Although the records include pictures, print only the rest, exactly as written.

--- MATERIAL SUPPLIED ---

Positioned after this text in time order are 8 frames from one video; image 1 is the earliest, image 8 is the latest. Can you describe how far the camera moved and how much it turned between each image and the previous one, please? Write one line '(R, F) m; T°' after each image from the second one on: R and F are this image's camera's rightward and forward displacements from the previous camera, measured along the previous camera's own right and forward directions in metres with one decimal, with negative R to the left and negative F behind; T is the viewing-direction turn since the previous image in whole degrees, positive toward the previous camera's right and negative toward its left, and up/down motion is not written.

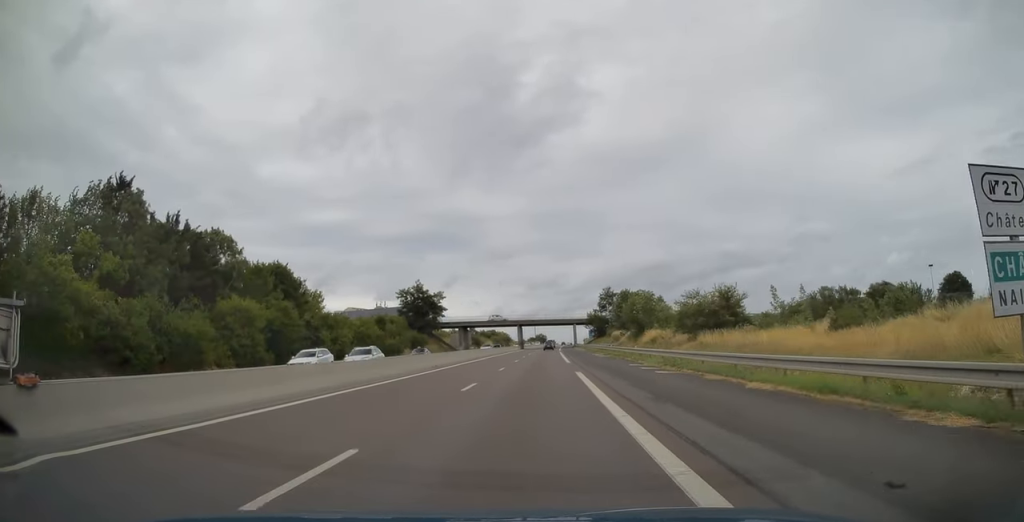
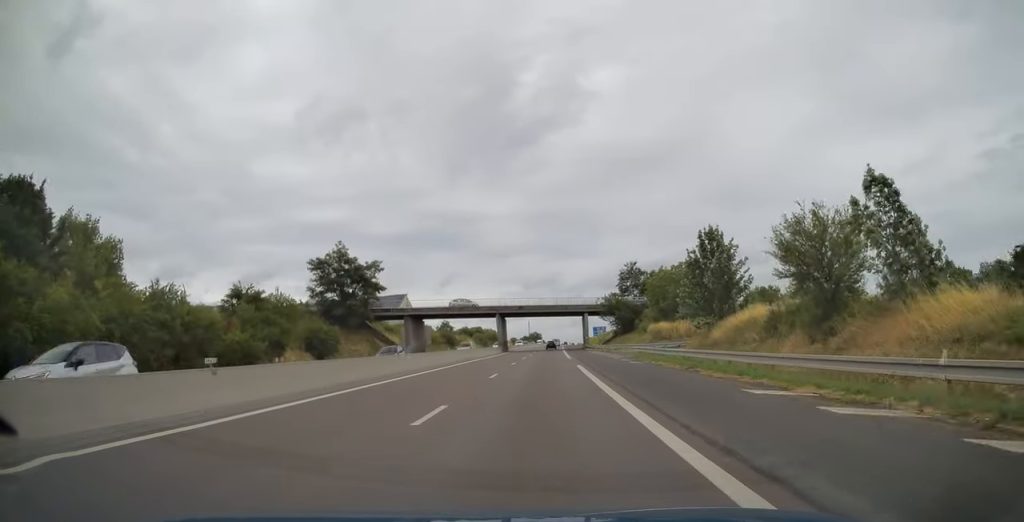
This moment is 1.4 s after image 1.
(+0.3, +45.9) m; +1°
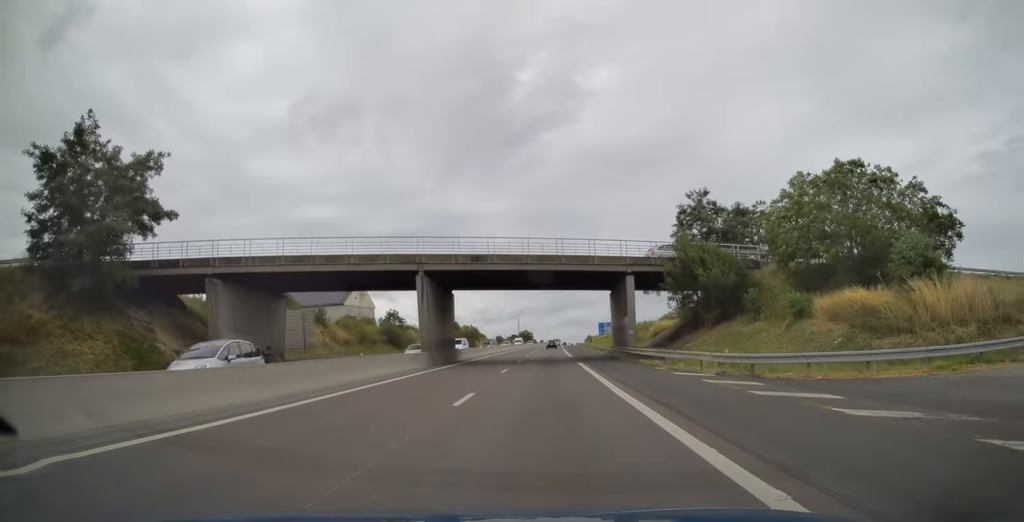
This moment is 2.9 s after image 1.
(+0.1, +48.0) m; 0°
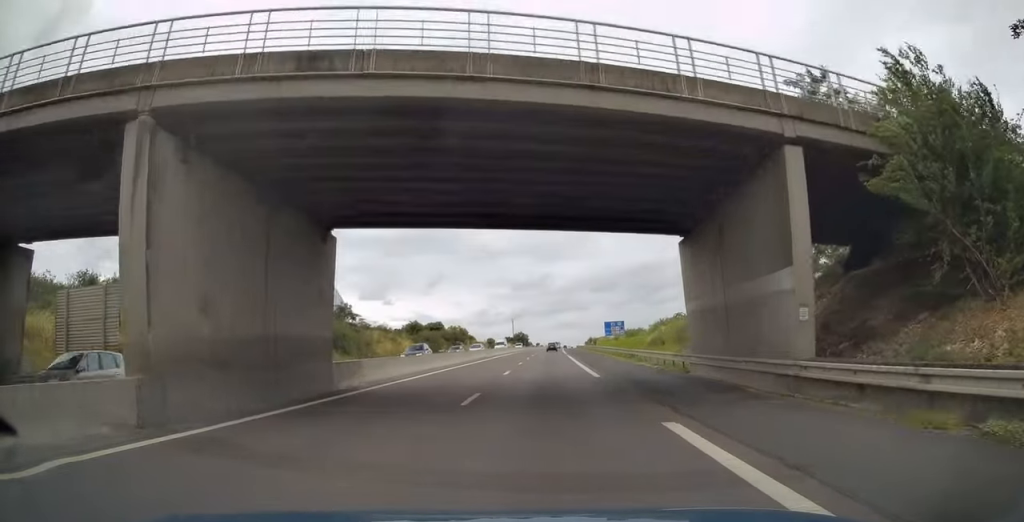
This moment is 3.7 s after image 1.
(+0.2, +25.1) m; 0°
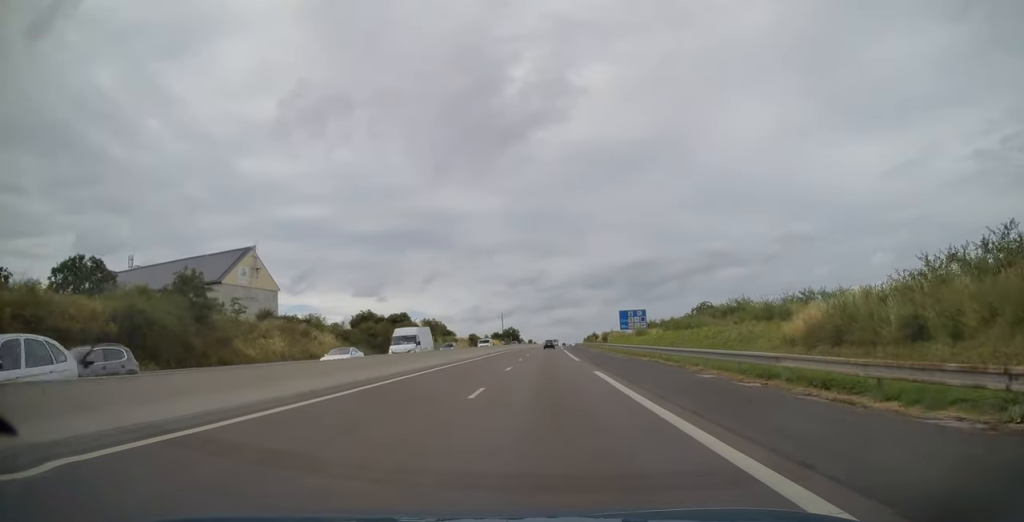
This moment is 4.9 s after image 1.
(+0.1, +37.4) m; +1°
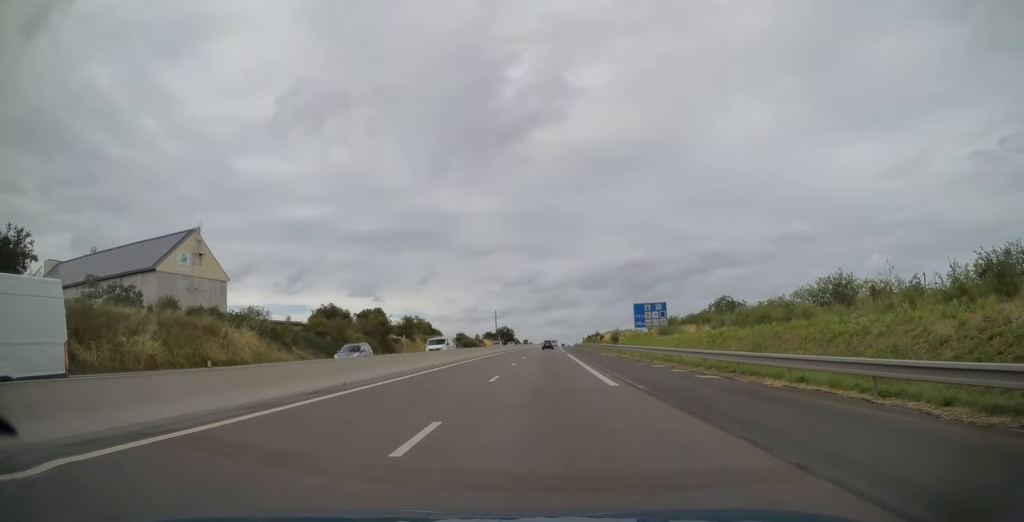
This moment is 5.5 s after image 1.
(+0.2, +19.8) m; 0°
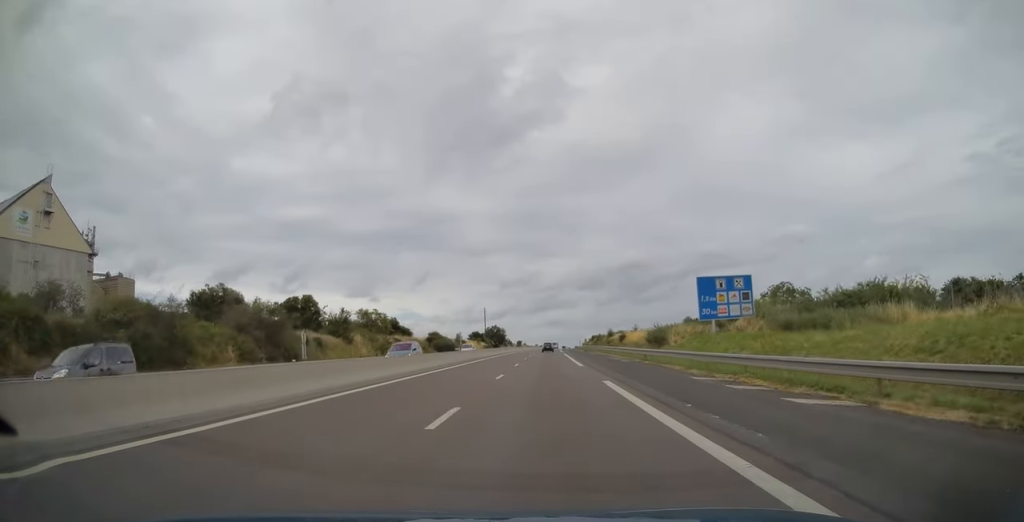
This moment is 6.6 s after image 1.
(+0.1, +35.8) m; 0°
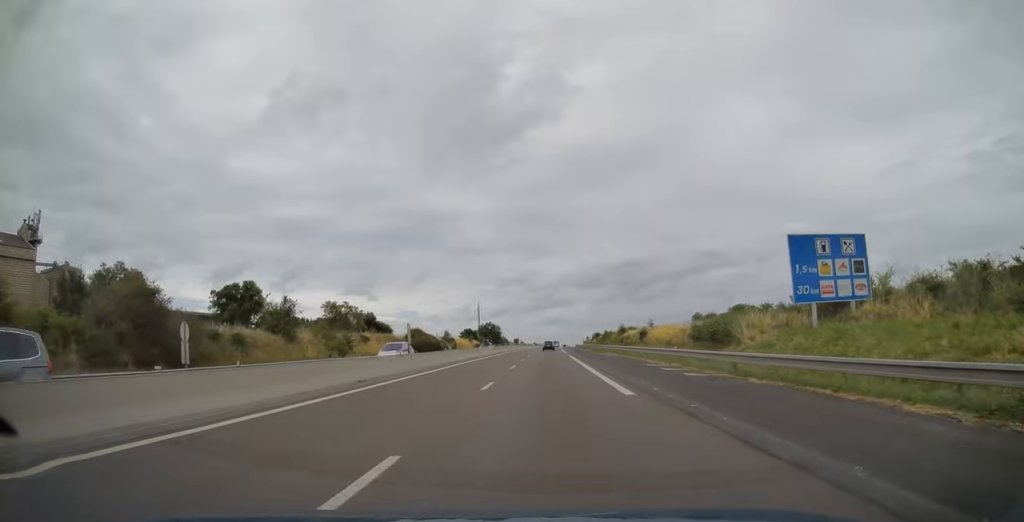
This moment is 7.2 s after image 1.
(-0.1, +18.2) m; 0°

---

SOLVED PROBLEM –
Positioned after this text in time order are 8 frames from one video; image 1 is the earliest, image 8 is the latest. Can you describe how far the camera moved and how much it turned between each image and the previous one, please? Write one line '(R, F) m; T°' after each image from the second one on: R and F are this image's camera's rightward and forward displacements from the previous camera, measured along the previous camera's own right and forward directions in metres with one decimal, with negative R to the left and negative F behind; T is the viewing-direction turn since the previous image in whole degrees, positive toward the previous camera's right and negative toward its left, and up/down motion is not written.

This moment is 1.4 s after image 1.
(+0.3, +45.9) m; +1°
This moment is 2.9 s after image 1.
(+0.1, +48.0) m; 0°
This moment is 3.7 s after image 1.
(+0.2, +25.1) m; 0°
This moment is 4.9 s after image 1.
(+0.1, +37.4) m; +1°
This moment is 5.5 s after image 1.
(+0.2, +19.8) m; 0°
This moment is 6.6 s after image 1.
(+0.1, +35.8) m; 0°
This moment is 7.2 s after image 1.
(-0.1, +18.2) m; 0°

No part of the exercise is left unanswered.